Invention Title:

GPU Asynchronous Direct Memory Access Applications

Publication number:

US20250291755

Publication date:

2025-09-18

Section:

Physics

Class:

G06F13/28

Inventors:

ARAVINDH ANANTARAMAN 🇺🇸 Folsom, CA, United States

DODDABALLAPUR JAYASIMHA 🇺🇸 Saratoga, CA, United States

John A. Wiegert 🇺🇸 Aloha, OR, United States

Yongsheng Liu 🇺🇸 San Diego, CA, United States

Fataneh Ghodrat 🇺🇸 Cambridge, MA, United States

Assignee:

INTEL CORPORATION 🇺🇸 Santa Clara, CA, United States

Applicant:

Intel Corporation 🇺🇸 Santa Clara, CA, United States

Smart overview of the Invention

The patent application describes a graphics processor featuring a modular design with multiple chiplets. Each chiplet is connected to a base die via chiplet sockets, enhancing the scalability and performance of the processor. This architecture aims to improve the efficiency of data processing and memory management within graphics processing units (GPUs).

Graphics Core Cluster

A key component of each chiplet is the graphics core cluster, which contains several graphics cores. These cores are responsible for rendering and processing graphical data. The cluster design allows for parallel processing, significantly boosting the speed and efficiency of graphics computations.

Distributed Shared Local Memory

The graphics cores within each chiplet are equipped with distributed shared local memory. This memory architecture ensures that each core has access to shared resources, facilitating faster data retrieval and reducing latency during complex computations. It optimizes the use of memory resources across the different cores.

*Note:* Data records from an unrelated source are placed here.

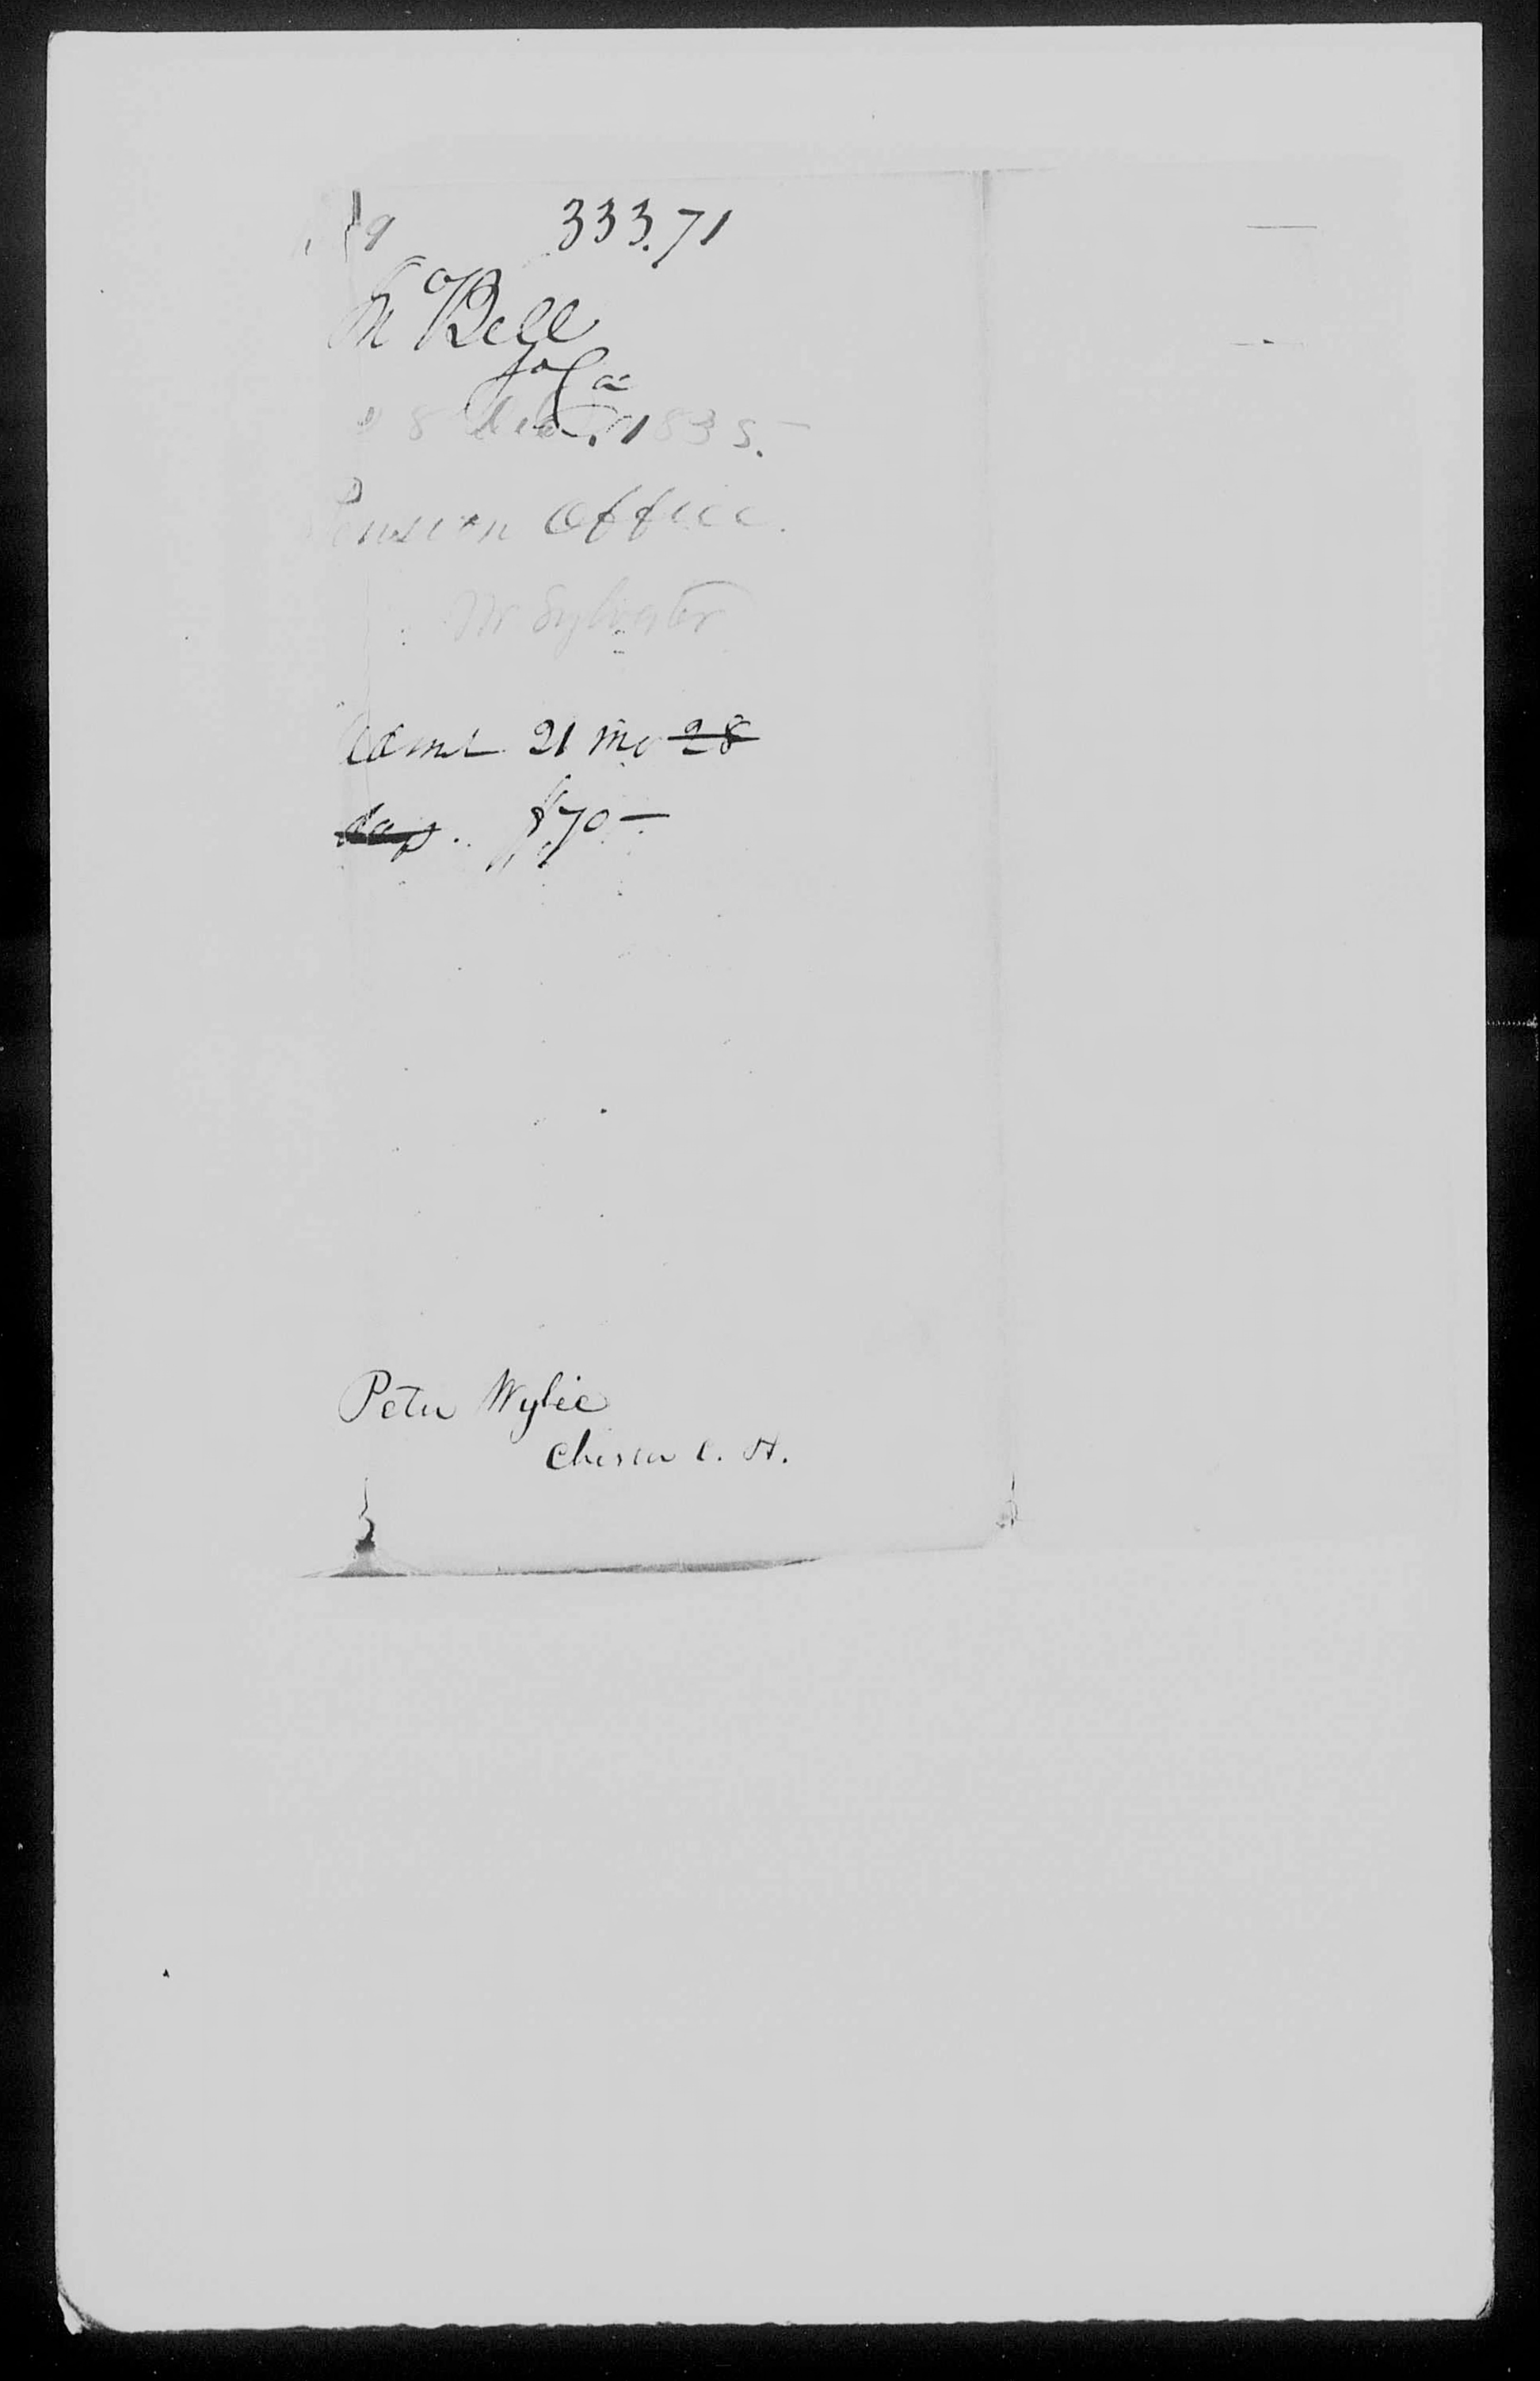( partial page ) 33,71 .. Bell  25 Dec  1835. Pension Office W Sylvester  Adms 21 mo (28 marked out ) pay $ 70- Peter Wylie Chester Dist.

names: Peter Wylie, Jno Bell
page: 10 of 23
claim: survivor's
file: S. 21068, John Bell, Ga. N. C. S. C.

Asynchronous Direct Memory Access Engine

Each graphics core includes a direct memory access (DMA) engine designed to operate asynchronously. This engine enables efficient data transfer by copying data from external memory devices to the distributed shared local memory without interrupting ongoing processes. Such asynchronous operations help maintain high throughput and reduce bottlenecks.

Benefits and Applications

The described GPU architecture offers significant improvements in handling large-scale graphical tasks by leveraging chiplets and asynchronous DMA engines. Potential applications include gaming, simulations, and any computationally intensive tasks requiring rapid data processing and efficient memory usage. The design promises enhanced performance while maintaining flexibility in resource allocation.